Journal article
Enhanced Charge Transfer Kinetics of CdSe Quantum Dot-Sensitized Solar Cell by Inorganic Ligand Exchange Treatments
ACS applied materials & interfaces, v 6(5), pp 3721-3728
12 Mar 2014
PMID: 24447012
Featured in Collection : UN Sustainable Development Goals @ Drexel
Abstract
Enhancement of the charge transfer rate in CdSe quantum dot (QD) sensitized solar cells is one of the most important criteria determining cell efficiency. We report a novel strategy for enhancing charge transfer by exchanging the native, long organic chain to an atomic ligand, S2–, with a simple solid exchange process. S2–-ligand exchange is easily executed by dipping the CdSe QDs sensitized photoanode into a formamide solution of K2S. The results show that this exchange process leads to an enhancement of the electronic coupling between CdSe QD and TiO2 by removing the insulating organic barrier to charge transfer, while maintaining its quantum confined band structure.
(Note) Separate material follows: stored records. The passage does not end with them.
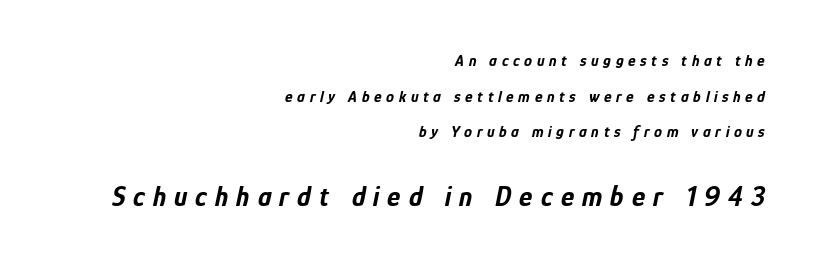
The image shows 28 px bold, condensed type, italic (leaning right); set right-aligned, loose line spacing (2.23x), unusually wide letter spacing (+0.29 em), not underlined; the second (bottom) block is 1.75x larger; low stroke contrast and a medium x-height.
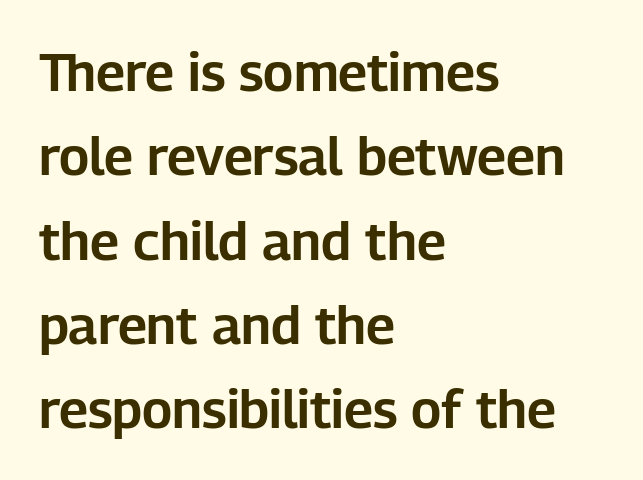
{"serif": "no", "italic": "no", "width": "normal", "stroke_contrast": "low", "x_height": "medium", "monospaced": "no", "underline": "no", "align": "left", "line_spacing": "normal", "line_spacing_ratio": 1.59, "letter_spacing": "normal", "letter_spacing_em": 0.0, "glyph_px": 53}
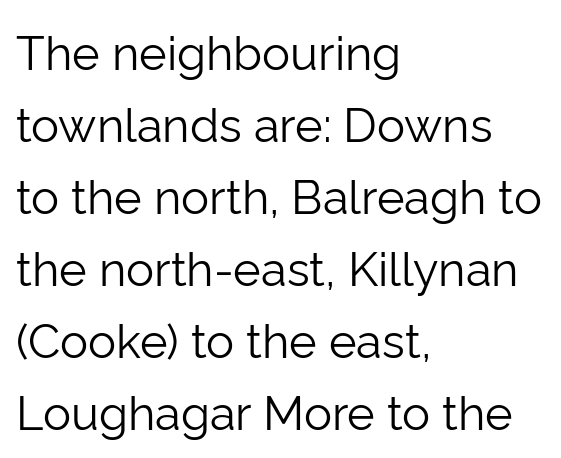
Q: Is the text bold? A: No.
Q: Is the text italic (slanted)? A: No, it is upright.
Q: Is the typeface a serif or a sans-serif typeface? A: Sans-serif.
Q: Is the text underlined? A: No.
Q: How is the paragraph aligned? A: Left-aligned.
Q: Is the spacing between letters normal or unusually wide? A: Normal.
Q: Is the spacing between lines tight, normal or loose? A: Normal.
Q: Width (condensed, normal, or wide)? A: Normal.
Q: Stroke contrast? A: Low.
Q: x-height? A: Medium.
Q: Monospaced? A: No.
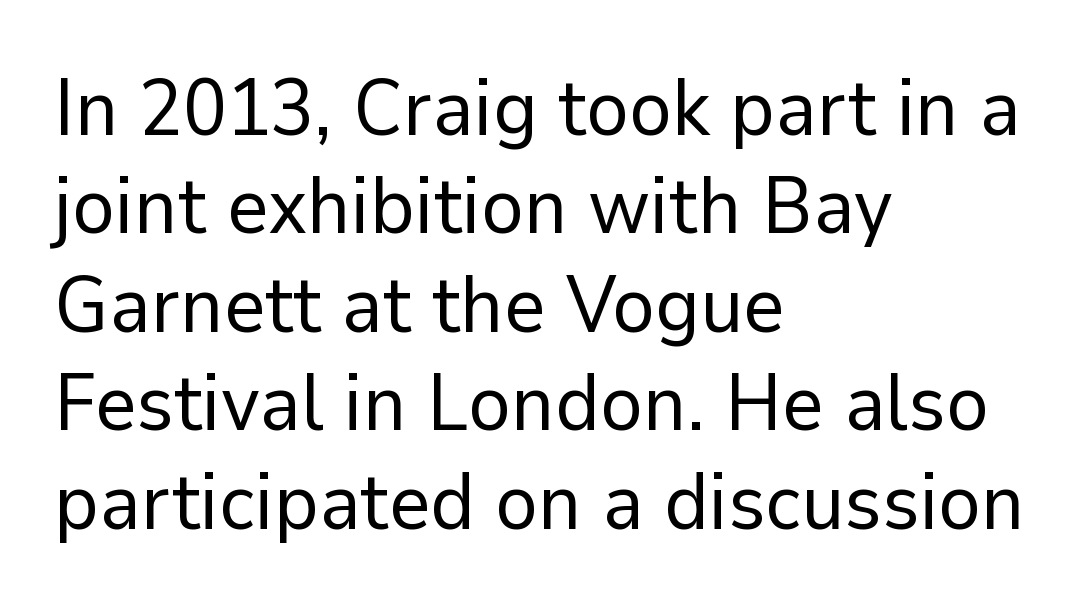
The image shows 80 px regular-weight sans-serif type, upright; set left-aligned, line spacing 1.23x, normal letter spacing, not underlined; low stroke contrast and a medium x-height.
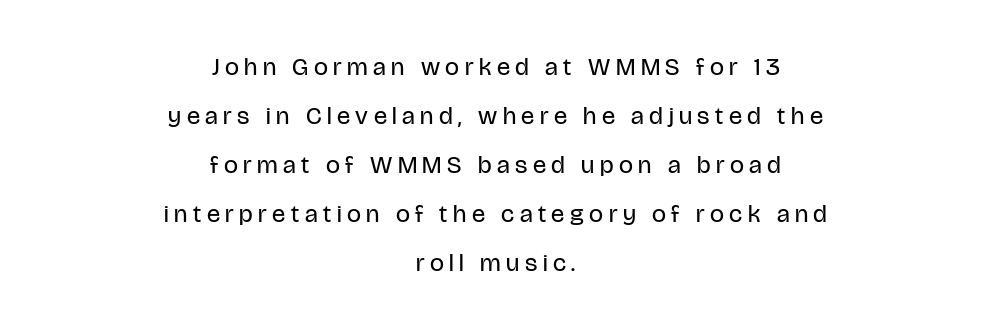
Horizontally, the lines are justified to the midpoint only. The passage shown is not underscored anywhere. Regarding leading, the lines here are spaced well apart. Tracking here is generous; glyphs stand well apart from one another. Characters remain perfectly vertical along every line. Stems and bowls with no extra thickness — not bold.
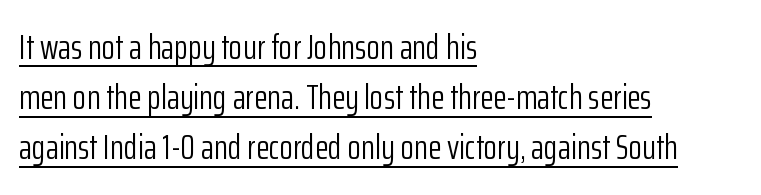
Does the type have serifs? No, each stem ends abruptly. Each letter keeps its own natural width here, so spacing adapts to shape. Whoever set this chose a conventional vertical rhythm. Upright lettering throughout. The rendering anchors every line to the left-hand side.
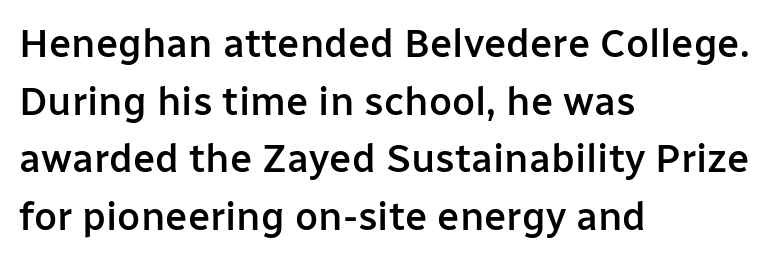
Q: Is the text bold? A: Semi-bold.
Q: Is the text italic (slanted)? A: No, it is upright.
Q: Is the typeface a serif or a sans-serif typeface? A: Sans-serif.
Q: Is the text underlined? A: No.
Q: How is the paragraph aligned? A: Left-aligned.
Q: Is the spacing between letters normal or unusually wide? A: Normal.
Q: Is the spacing between lines tight, normal or loose? A: Normal.
Q: Width (condensed, normal, or wide)? A: Normal.
Q: Stroke contrast? A: Low.
Q: x-height? A: Medium.
Q: Monospaced? A: No.
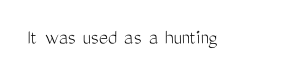
Q: Is the text bold? A: No.
Q: Is the text italic (slanted)? A: No, it is upright.
Q: Is the text underlined? A: No.
Q: Is the spacing between letters normal or unusually wide? A: Normal.
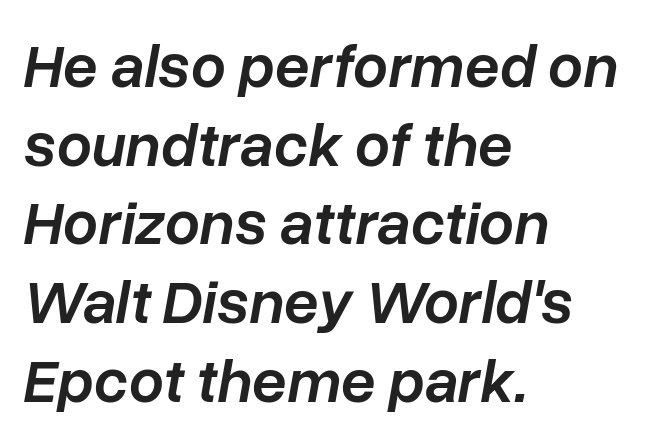
The paragraph has a hard left edge and a soft right edge. This sample keeps an unexceptional amount of space between lines. The letters advance in unequal steps, a hallmark of proportional type. Firm but not heavy-handed strokes: this text is semibold. The space directly below the letters is spotless.
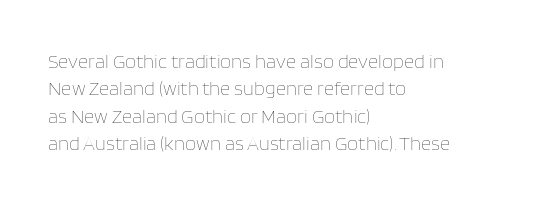
Q: Is the text bold? A: No.
Q: Is the text italic (slanted)? A: No, it is upright.
Q: Is the text underlined? A: No.
Q: How is the paragraph aligned? A: Left-aligned.
Q: Is the spacing between letters normal or unusually wide? A: Normal.
Q: Is the spacing between lines tight, normal or loose? A: Normal.
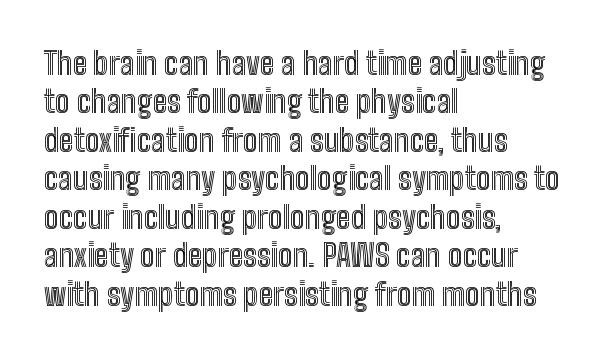
No extra tracking has been applied to these lines. Is this a fixed-width face? No — the glyphs have proportional, varying widths. These lines are set flush left with a ragged right edge. In terms of posture, this sample is upright.
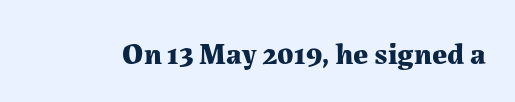
Q: Is the text bold? A: Yes.
Q: Is the text italic (slanted)? A: No, it is upright.
Q: Is the typeface a serif or a sans-serif typeface? A: Serif.
Q: Is the text underlined? A: No.
Q: Is the spacing between letters normal or unusually wide? A: Normal.
Q: Width (condensed, normal, or wide)? A: Normal.
Q: Stroke contrast? A: Medium.
Q: x-height? A: Medium.
Q: Monospaced? A: No.
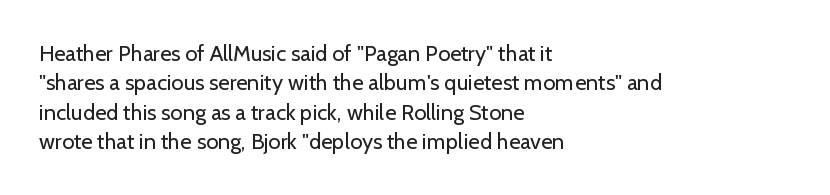
Q: Is the text bold? A: No.
Q: Is the text italic (slanted)? A: No, it is upright.
Q: Is the text underlined? A: No.
Q: How is the paragraph aligned? A: Left-aligned.
Q: Is the spacing between letters normal or unusually wide? A: Normal.
Q: Is the spacing between lines tight, normal or loose? A: Normal.

This treatment significantly increases the charge transfer rate at the interfacial region between CdSe QDs and TiO2 as well as between the CdSe QDs and Red/Ox coupling electrolyte, as verified by time-resolved photoluminescence and electrochemical impedance spectroscopy measurements. Finally, the S2–-treated photoanode exhibits a much higher photovoltaic performance than the conventional MPA or TGA-capped CdSe QDs sensitized solar cell. The findings reported herein propose an innovative route toward harvesting energy from solar light by enhancing the carrier charge transfer rate.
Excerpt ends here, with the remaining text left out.